Work task: Write out all of the records exactly once more and skip the images.

*** Opening Supplied information ***

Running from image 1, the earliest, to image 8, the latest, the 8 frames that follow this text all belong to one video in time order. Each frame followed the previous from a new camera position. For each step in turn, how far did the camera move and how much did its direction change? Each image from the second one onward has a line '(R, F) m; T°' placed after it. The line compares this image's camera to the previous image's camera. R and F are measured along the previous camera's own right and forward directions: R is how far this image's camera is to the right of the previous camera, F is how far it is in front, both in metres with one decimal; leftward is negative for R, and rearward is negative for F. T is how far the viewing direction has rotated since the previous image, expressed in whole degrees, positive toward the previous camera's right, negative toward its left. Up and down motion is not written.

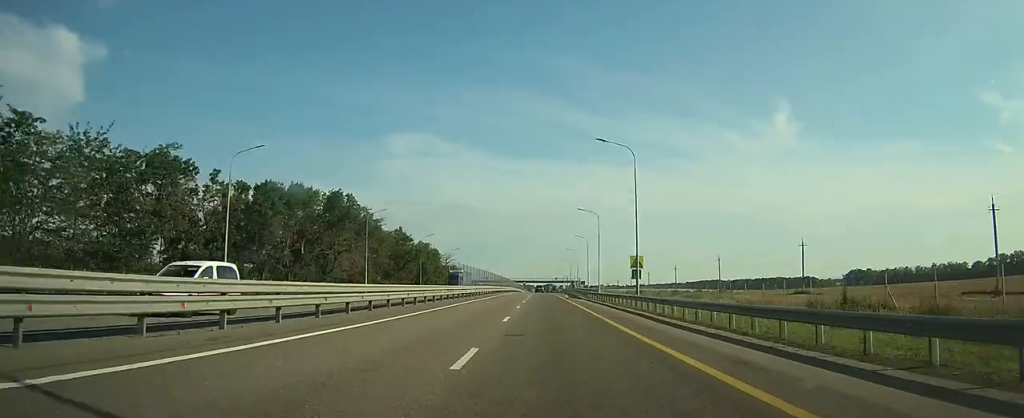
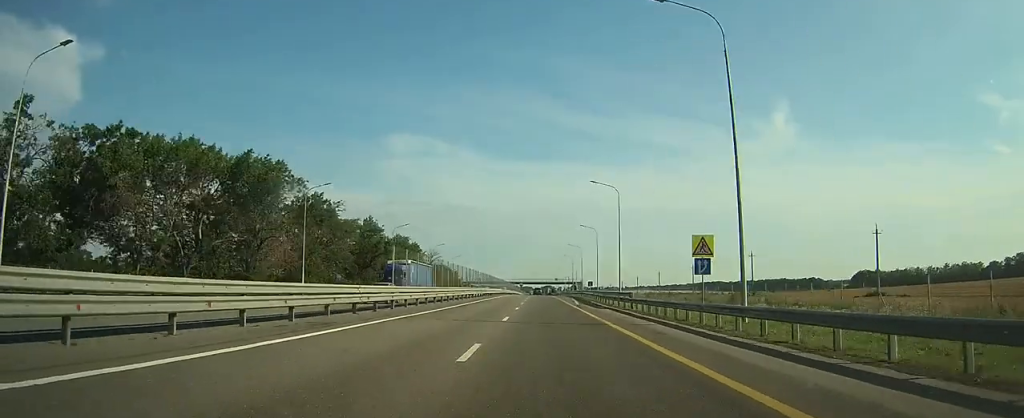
(+0.1, +23.0) m; 0°
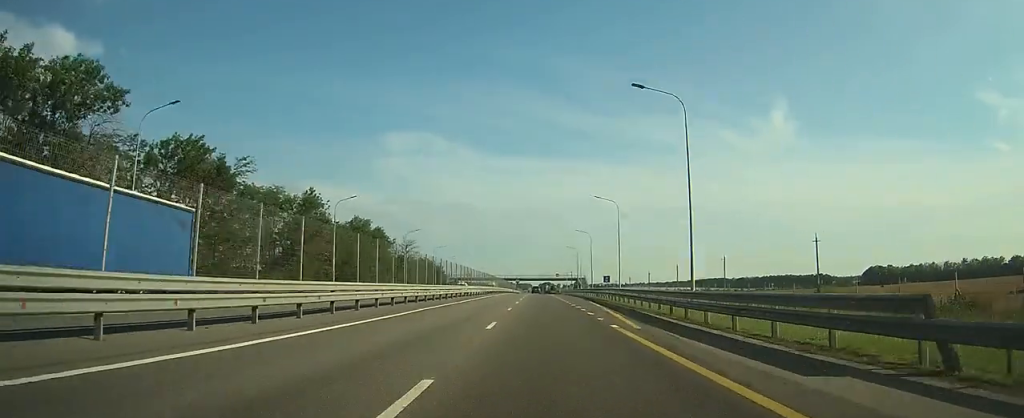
(0.0, +29.1) m; 0°
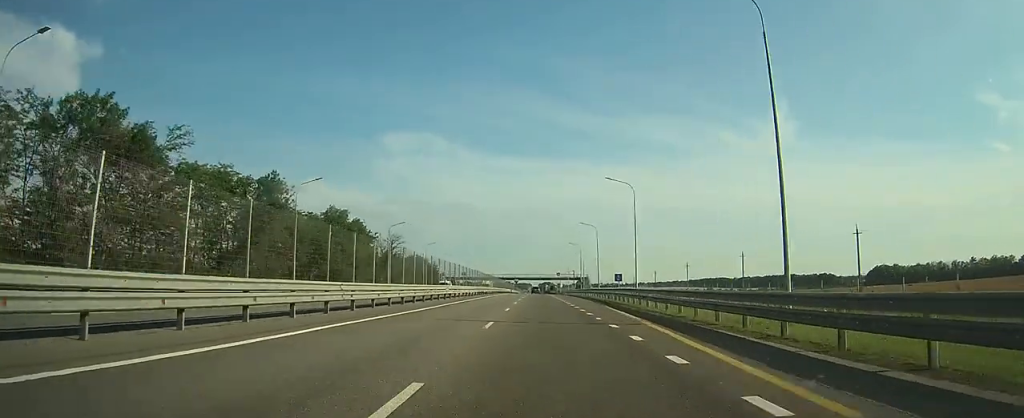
(0.0, +12.3) m; 0°
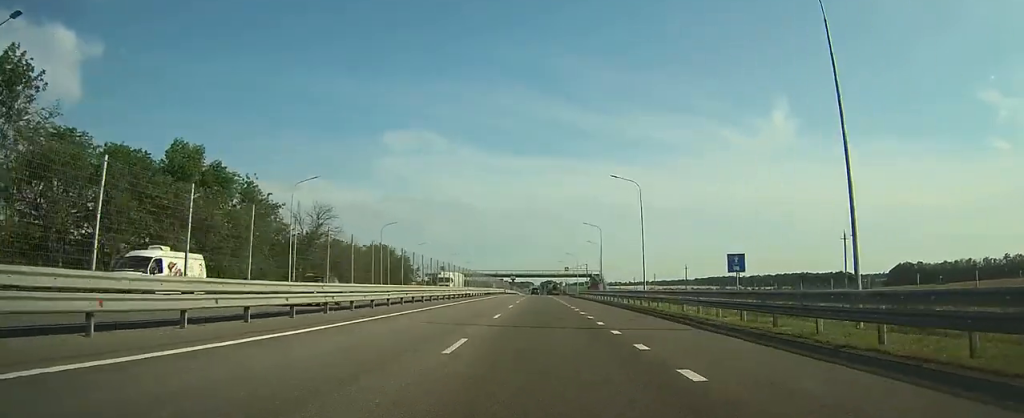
(0.0, +42.0) m; 0°
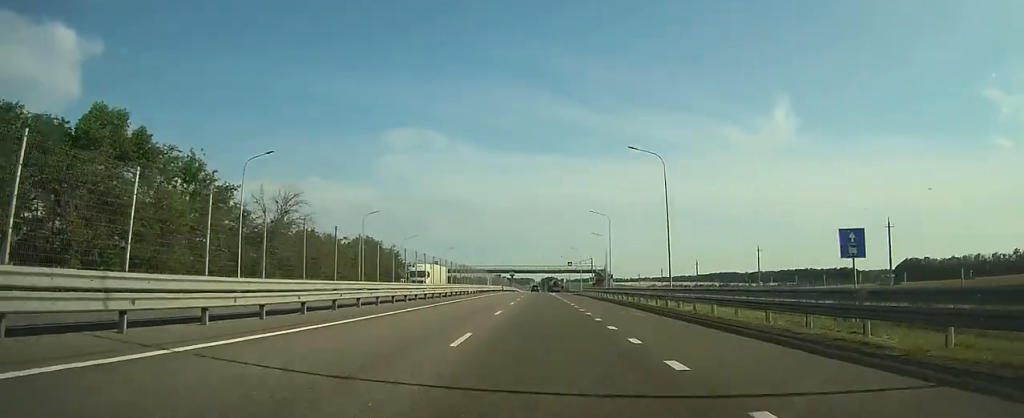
(0.0, +11.4) m; 0°
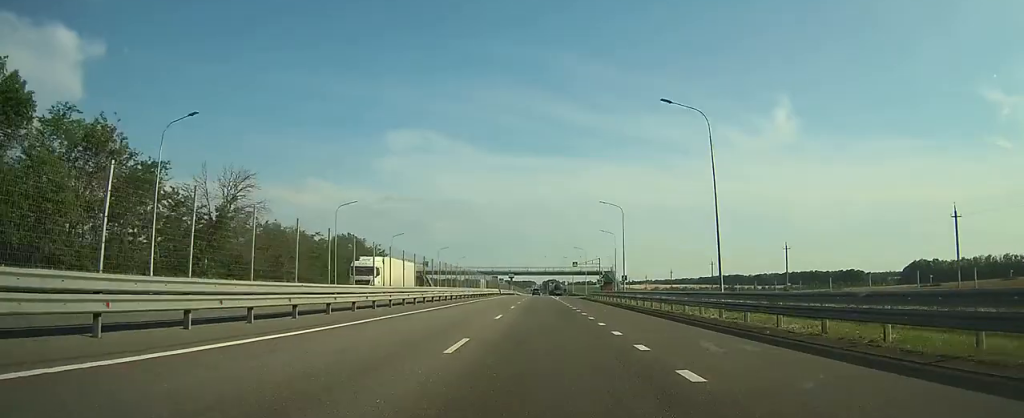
(0.0, +13.2) m; 0°
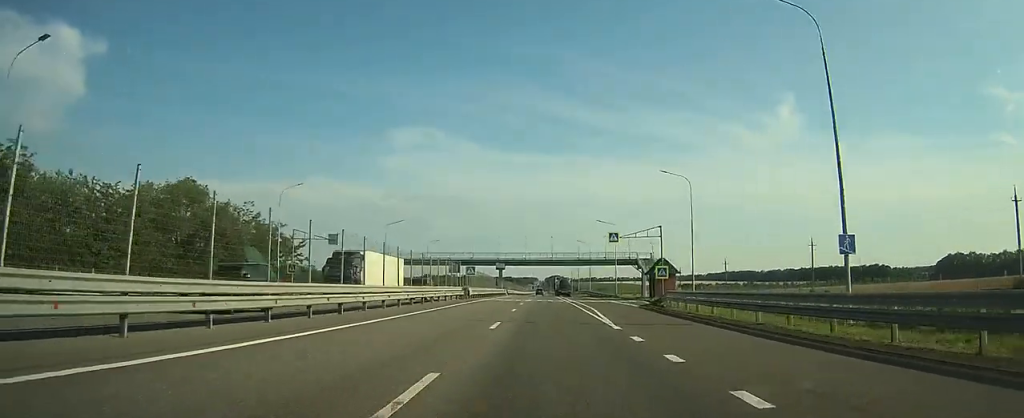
(0.0, +57.2) m; 0°

*** Closing Supplied information ***

Expected answer:
Running from image 1, the earliest, to image 8, the latest, the 8 frames that follow this text all belong to one video in time order. Each frame followed the previous from a new camera position. For each step in turn, how far did the camera move and how much did its direction change? Each image from the second one onward has a line '(R, F) m; T°' placed after it. The line compares this image's camera to the previous image's camera. R and F are measured along the previous camera's own right and forward directions: R is how far this image's camera is to the right of the previous camera, F is how far it is in front, both in metres with one decimal; leftward is negative for R, and rearward is negative for F. T is how far the viewing direction has rotated since the previous image, expressed in whole degrees, positive toward the previous camera's right, negative toward its left. Up and down motion is not written.

(+0.1, +23.0) m; 0°
(0.0, +29.1) m; 0°
(0.0, +12.3) m; 0°
(0.0, +42.0) m; 0°
(0.0, +11.4) m; 0°
(0.0, +13.2) m; 0°
(0.0, +57.2) m; 0°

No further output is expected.